***** Input records

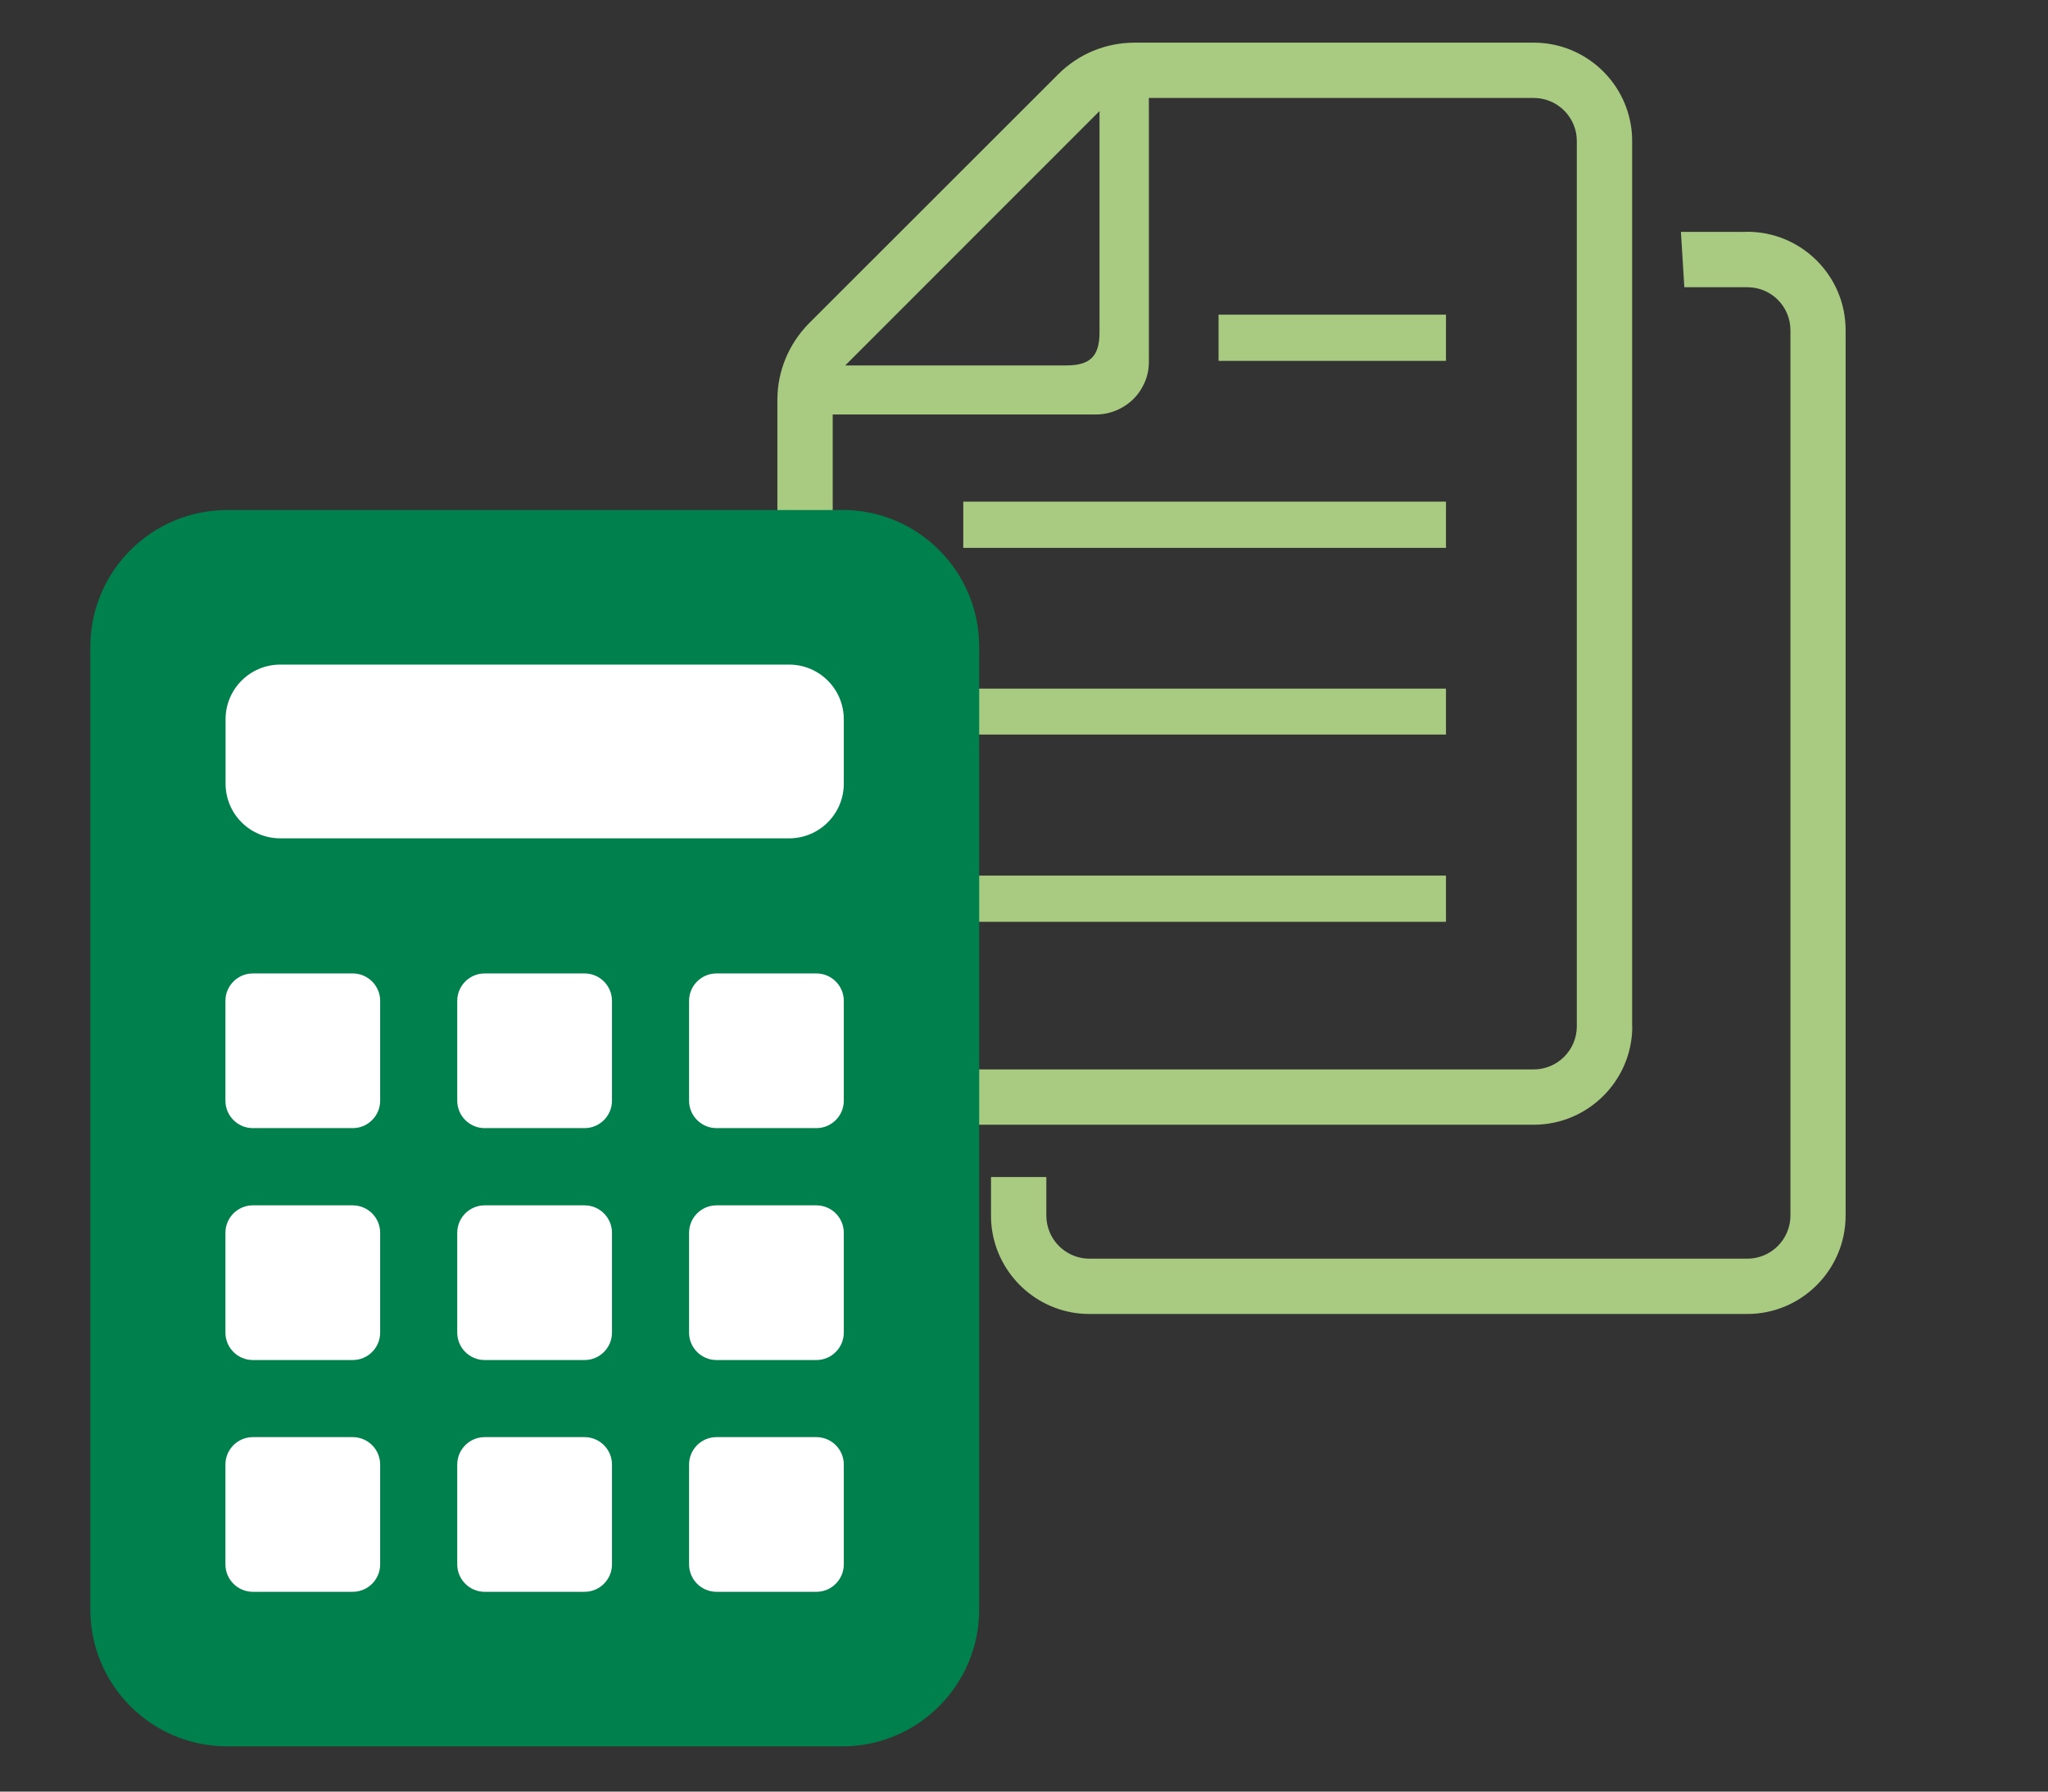<?xml version="1.0" encoding="UTF-8"?>
<svg id="b" data-name="レイヤー 2" xmlns="http://www.w3.org/2000/svg" width="144" height="126" viewBox="0 0 144 126">
  <rect x="0" y="0" width="144" height="126" fill="#333333" stroke="none"/>
  <g id="c" data-name="デザイン">
    <g id="d" data-name="fotter">
      <g>
        <g>
          <rect x="67.73" y="61.58" width="33.94" height="3.25" fill="#a9cb81" stroke-width="0"/>
          <rect x="67.73" y="48.43" width="33.94" height="3.23" fill="#a9cb81" stroke-width="0"/>
          <rect x="67.73" y="35.28" width="33.94" height="3.25" fill="#a9cb81" stroke-width="0"/>
          <rect x="85.68" y="22.13" width="15.99" height="3.25" fill="#a9cb81" stroke-width="0"/>
          <path d="M114.76,72.18V9.92c0-.4-.03-.8-.1-1.18-.56-3.26-3.41-5.74-6.82-5.74h-28.07c-2.02,0-3.95.8-5.37,2.23l-17.51,17.5c-1.42,1.44-2.23,3.36-2.23,5.38v44.07c0,3.81,3.11,6.92,6.93,6.92h46.25c3.82,0,6.93-3.11,6.93-6.92ZM77.31,7.81v15.55c0,1.69-.65,2.34-2.33,2.34h-15.55l17.88-17.89ZM58.55,72.18V29.15h18.51c.61,0,1.18-.15,1.69-.41.71-.36,1.29-.93,1.63-1.63.27-.51.4-1.07.4-1.66V6.89h27.06c1.25,0,2.33.76,2.79,1.85.16.37.24.76.24,1.18v62.26c0,1.66-1.35,3.03-3.03,3.03h-46.25c-1.68,0-3.04-1.37-3.04-3.03Z" fill="#a9cb81" stroke-width="0"/>
          <path d="M122.86,16.31h-4.67l.24,3.89h4.43c1.68,0,3.03,1.35,3.03,3.03v62.26c0,1.66-1.35,3.03-3.03,3.03h-46.26c-1.25,0-2.33-.77-2.79-1.85-.15-.37-.24-.76-.24-1.18v-2.71h-3.89v2.71c0,.4.03.8.1,1.18.56,3.25,3.41,5.74,6.81,5.74h46.26c3.82,0,6.92-3.11,6.92-6.92V23.22c0-3.82-3.1-6.92-6.92-6.92Z" fill="#a9cb81" stroke-width="0"/>
        </g>
        <g>
          <rect x="11.77" y="42.86" width="51.02" height="18.49" fill="#fff" stroke-width="0"/>
          <rect x="11.45" y="65.81" width="50.38" height="48.46" fill="#fff" stroke-width="0"/>
          <path d="M59.22,35.87H15.98c-5.32,0-9.63,4.31-9.63,9.63v67.69c0,5.32,4.31,9.63,9.63,9.63h43.24c5.32,0,9.63-4.31,9.63-9.63V45.49c0-5.32-4.31-9.63-9.63-9.63ZM26.73,110.02c0,1.06-.86,1.93-1.93,1.93h-7.02c-1.06,0-1.93-.86-1.93-1.93v-7.02c0-1.06.86-1.93,1.93-1.93h7.02c1.06,0,1.93.86,1.93,1.93v7.02ZM26.73,93.72c0,1.06-.86,1.93-1.93,1.93h-7.02c-1.06,0-1.93-.86-1.93-1.93v-7.02c0-1.06.86-1.93,1.93-1.93h7.02c1.06,0,1.93.86,1.93,1.93v7.02ZM26.73,77.41c0,1.06-.86,1.93-1.93,1.93h-7.02c-1.06,0-1.93-.86-1.93-1.93v-7.02c0-1.06.86-1.93,1.93-1.93h7.02c1.06,0,1.93.86,1.93,1.93v7.02ZM43.03,110.02c0,1.06-.86,1.93-1.93,1.93h-7.02c-1.06,0-1.93-.86-1.93-1.93v-7.02c0-1.06.86-1.93,1.93-1.93h7.02c1.06,0,1.93.86,1.93,1.93v7.02ZM43.03,93.72c0,1.06-.86,1.93-1.93,1.93h-7.02c-1.06,0-1.93-.86-1.93-1.93v-7.02c0-1.06.86-1.93,1.93-1.93h7.02c1.06,0,1.93.86,1.93,1.93v7.02ZM43.03,77.41c0,1.06-.86,1.93-1.93,1.93h-7.02c-1.06,0-1.93-.86-1.93-1.93v-7.02c0-1.06.86-1.93,1.93-1.93h7.02c1.06,0,1.93.86,1.93,1.93v7.02ZM59.33,110.02c0,1.06-.86,1.93-1.93,1.93h-7.02c-1.06,0-1.93-.86-1.93-1.93v-7.02c0-1.06.86-1.93,1.93-1.93h7.02c1.06,0,1.93.86,1.93,1.93v7.02ZM59.33,93.72c0,1.06-.86,1.93-1.93,1.93h-7.02c-1.06,0-1.93-.86-1.93-1.93v-7.02c0-1.06.86-1.93,1.93-1.93h7.02c1.06,0,1.93.86,1.93,1.93v7.02ZM59.33,77.41c0,1.06-.86,1.93-1.93,1.93h-7.02c-1.06,0-1.93-.86-1.93-1.93v-7.02c0-1.06.86-1.93,1.93-1.93h7.02c1.06,0,1.93.86,1.93,1.93v7.02ZM59.33,55.11c0,2.13-1.72,3.85-3.85,3.85H19.71c-2.13,0-3.85-1.72-3.85-3.85v-4.52c0-2.13,1.72-3.85,3.85-3.85h35.77c2.13,0,3.85,1.72,3.85,3.85v4.52Z" fill="#00804c" stroke-width="0"/>
        </g>
        <rect width="144" height="126" fill="none" stroke-width="0"/>
      </g>
    </g>
  </g>
</svg>

**********

## [Instructions to follow]
The answer should be all lines from the entries above that hold the word "data".

## [Solved problem]
<svg id="b" data-name="レイヤー 2" xmlns="http://www.w3.org/2000/svg" width="144" height="126" viewBox="0 0 144 126">
  <g id="c" data-name="デザイン">
    <g id="d" data-name="fotter">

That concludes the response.